Kim Sun Mi, Kim Yongdai, Jeong Kuhwan, Jeong Heeyeong, Kim Jiyoung
Department of Radiology, Seoul National University Bundang Hospital, Seoul National University, Seongnam, Korea.
Department of Statistics, Seoul National University, Seoul, Korea.
Ultrasonography. 2018 Jan;37(1):36-42. doi: 10.14366/usg.16045. Epub 2017 Apr 14.
The aim of this study was to compare the performance of image analysis for predicting breast cancer using two distinct regression models and to evaluate the usefulness of incorporating clinical and demographic data (CDD) into the image analysis in order to improve the diagnosis of breast cancer.

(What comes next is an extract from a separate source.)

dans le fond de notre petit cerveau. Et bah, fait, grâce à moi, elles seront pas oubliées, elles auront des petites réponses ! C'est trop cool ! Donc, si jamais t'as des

This study included 139 solid masses from 139 patients who underwent a ultrasonography-guided core biopsy and had available CDD between June 2009 and April 2010. Three breast radiologists retrospectively reviewed 139 breast masses and described each lesion using the Breast Imaging Reporting and Data System (BI-RADS) lexicon. We applied and compared two regression methods-stepwise logistic (SL) regression and logistic least absolute shrinkage and selection operator (LASSO) regression-in which the BI-RADS descriptors and CDD were used as covariates. We investigated the performances of these regression methods and the agreement of radiologists in terms of test misclassification error and the area under the curve (AUC) of the tests.

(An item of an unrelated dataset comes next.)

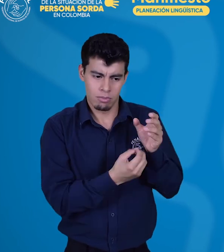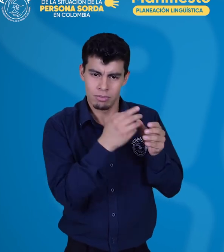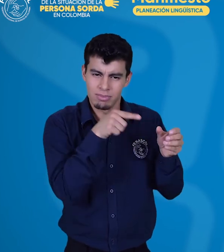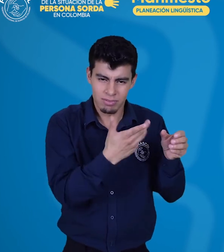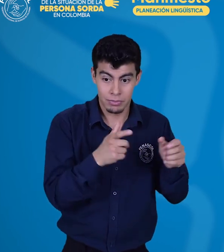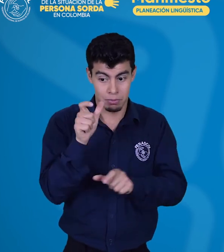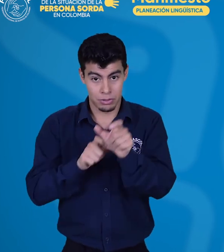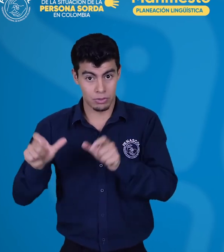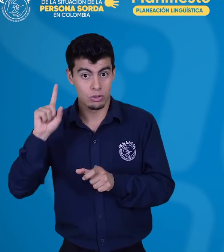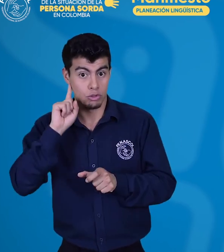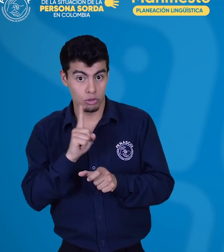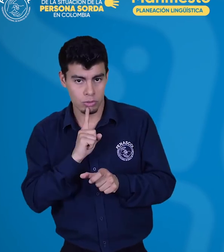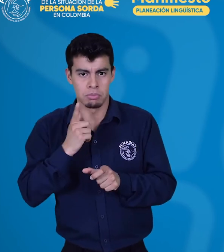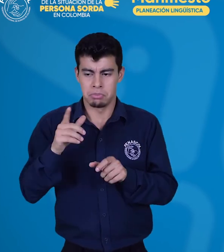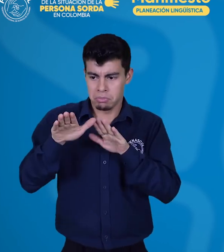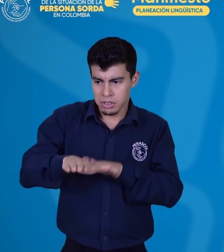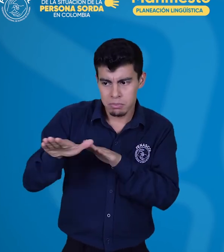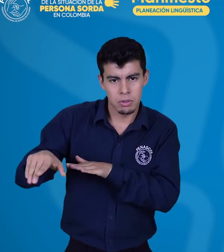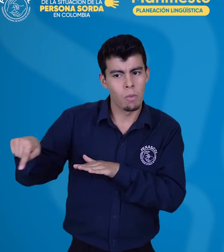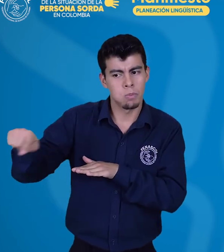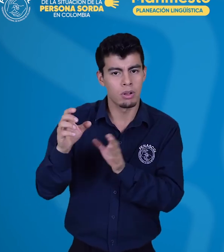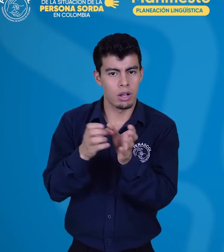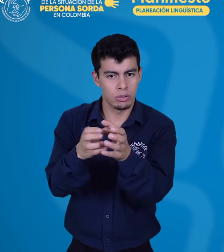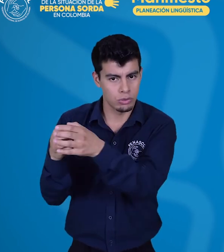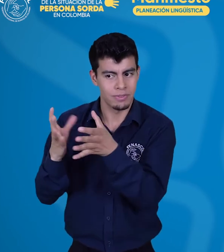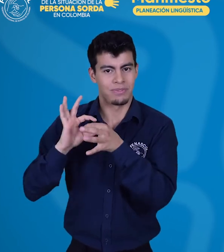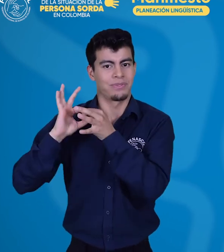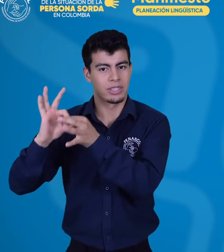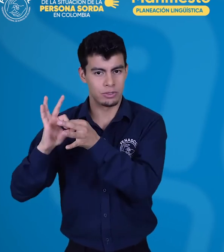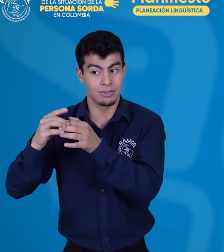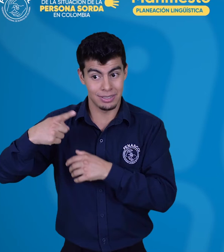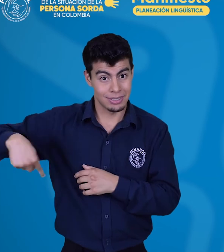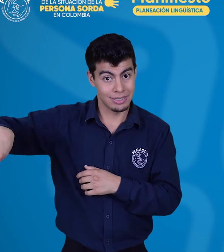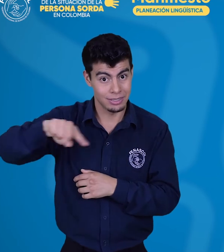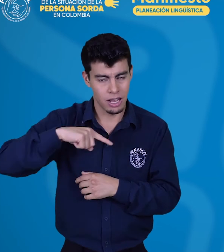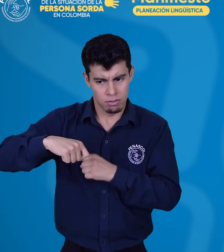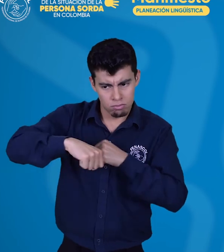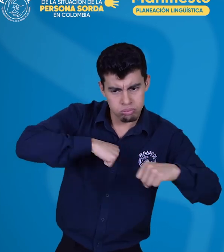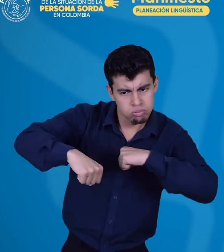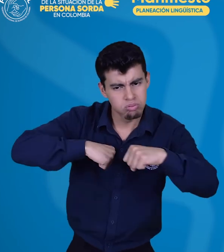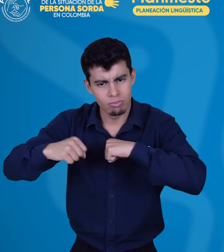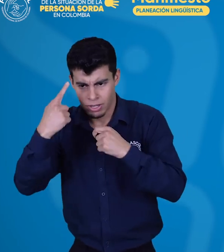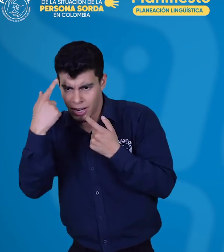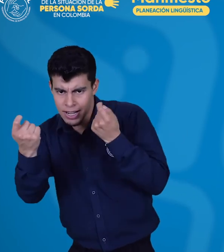representada por sus asociaciones y FENASCOL, deben crear estrategias y acciones de

Logistic LASSO regression was superior (P<0.05) to SL regression, regardless of whether CDD was included in the covariates, in terms of test misclassification errors (0.234 vs. 0.253, without CDD; 0.196 vs. 0.258, with CDD) and AUC (0.785 vs. 0.759, without CDD; 0.873 vs. 0.735, with CDD). However, it was inferior (P<0.05) to the agreement of three radiologists in terms of test misclassification errors (0.234 vs. 0.168, without CDD; 0.196 vs. 0.088, with CDD) and the AUC without CDD (0.785 vs. 0.844, P<0.001), but was comparable to the AUC with CDD (0.873 vs. 0.880, P=0.141).
Logistic LASSO regression based on BI-RADS descriptors and CDD showed better performance than SL in predicting the presence of breast cancer. The use of CDD as a supplement to the BI-RADS descriptors significantly improved the prediction of breast cancer using logistic LASSO regression.
本研究旨在比较使用两种不同回归模型进行乳腺癌预测的图像分析性能,并评估将临床和人口统计学数据(CDD)纳入图像分析以改善乳腺癌诊断的实用性。
本研究纳入了2009年6月至2010年4月期间接受超声引导下粗针活检且有可用CDD的139例患者的139个实性肿块。三位乳腺放射科医生回顾性地评估了139个乳腺肿块,并使用乳腺影像报告和数据系统(BI-RADS)术语对每个病变进行描述。我们应用并比较了两种回归方法——逐步逻辑(SL)回归和逻辑最小绝对收缩和选择算子(LASSO)回归——其中将BI-RADS描述符和CDD用作协变量。我们根据测试误分类误差和测试曲线下面积(AUC)研究了这些回归方法的性能以及放射科医生之间的一致性。
无论协变量中是否包含CDD,逻辑LASSO回归在测试误分类误差(无CDD时为0.234对0.253;有CDD时为0.196对0.258)和AUC(无CDD时为0.785对0.759;有CDD时为0.873对0.735)方面均优于SL回归(P<0.05)。然而,在测试误分类误差(无CDD时为0.234对0.168;有CDD时为0.196对0.088)和无CDD时的AUC(0.785对0.844,P<0.001)方面,它不如三位放射科医生之间的一致性,但与有CDD时的AUC相当(0.873对0.880,P=0.141)。
基于BI-RADS描述符和CDD的逻辑LASSO回归在预测乳腺癌存在方面表现优于SL回归。将CDD作为BI-RADS描述符的补充,显著改善了使用逻辑LASSO回归对乳腺癌的预测。